李在明(イ・ジェミョン)大統領が、現地時間の24日から25日にかけてオランダのハーグで開かれる予定だったNATO=北大西洋条約機構の首脳会議への出席を見送ることになりました。
韓国大統領室の姜由楨(カン・ユジョン)報道官は22日、「李大統領は就任直後から山積する国政課題にもかかわらず、NATO首脳会議への出席を前向きに検討してきた。しかし、複数の国内問題や中東情勢などによる不確実性を総合的に考慮し、今回は出席できないと判断した」と明らかにしました。
姜報道官はまた、「ほかの人物が代理出席するかどうかについては、NATO側と協議を行う予定だ」と述べました。
大統領室は、カナダで行われたG7サミット=主要7か国首脳会議の出席と前後して、NATO首脳会議へ出席するかどうかについて慎重に検討してきました。
政界からは、尹錫悦(ユン・ソンニョル)前大統領の罷免に伴って実施された大統領選挙によって発足した新政権では、政権移行を準備する大統領職引き継ぎ委員会が設置されなかったことや、国務総理が空席となっているなかで、大統領が国外に出ることは、国内の懸案への対応を遅らせるおそれがあるとの懸念が示されていました。
李大統領自身も大統領選挙の期間中、「就任初期の海外訪問は時間的に厳しいため、最も必要性が高く、重要な国際行事に限定すべきだ」と述べていました。

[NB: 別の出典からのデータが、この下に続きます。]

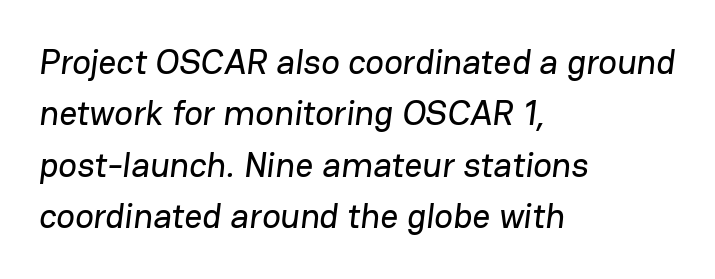
{"serif": "no", "width": "normal", "stroke_contrast": "low", "x_height": "medium", "monospaced": "no", "underline": "no", "align": "left", "line_spacing": "normal", "line_spacing_ratio": 1.47, "letter_spacing": "normal", "letter_spacing_em": 0.0, "glyph_px": 35}
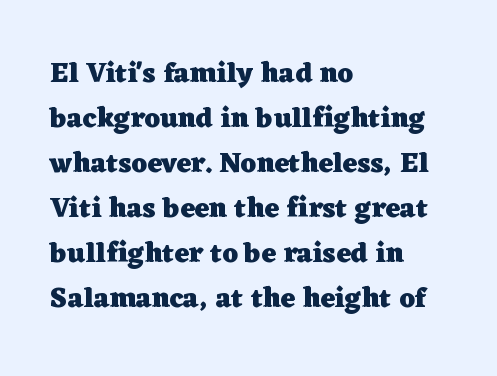
Q: Is the text bold? A: Yes.
Q: Is the text italic (slanted)? A: No, it is upright.
Q: Is the typeface a serif or a sans-serif typeface? A: Serif.
Q: Is the text underlined? A: No.
Q: How is the paragraph aligned? A: Left-aligned.
Q: Is the spacing between letters normal or unusually wide? A: Normal.
Q: Is the spacing between lines tight, normal or loose? A: Normal.
Q: Width (condensed, normal, or wide)? A: Wide.
Q: Stroke contrast? A: Low.
Q: x-height? A: Medium.
Q: Monospaced? A: No.

ただ、G7サミットにあわせて予定されていたトランプ大統領との会談が、イスラエルによるイラン空爆を受けてトランプ大統領が急きょ帰国したことで中止となったことをめぐり、アメリカが提示した相互関税の猶予期限である7月8日を前に、李大統領がトランプ大統領と直接会談するには、NATO首脳会議が有力な機会になるとの見方が出ていました。
野党「国民の力」の宋彦錫(ソン・オンソク)院内代表も今月19日、「NATO首脳会議への出席を早急に確定させ、トランプ大統領との会談も速やかに進めるべきだ」と求めたほか、大統領室内でも出席を前向きに検討していたと伝えられています。
しかし、その後、アメリカがイランの核施設に対して奇襲攻撃に踏み切ったことで、再び情勢が変化し、韓国の大統領室は最終的に22日夜、NATO首脳会議に出席しないことを発表しました。
トランプ大統領が会議に出席しないか、出席しても通商問題が主な議題として取り上げられない可能性が高いとみられることから、李大統領が会議に出席する意義が乏しいと判断されたものとみられます。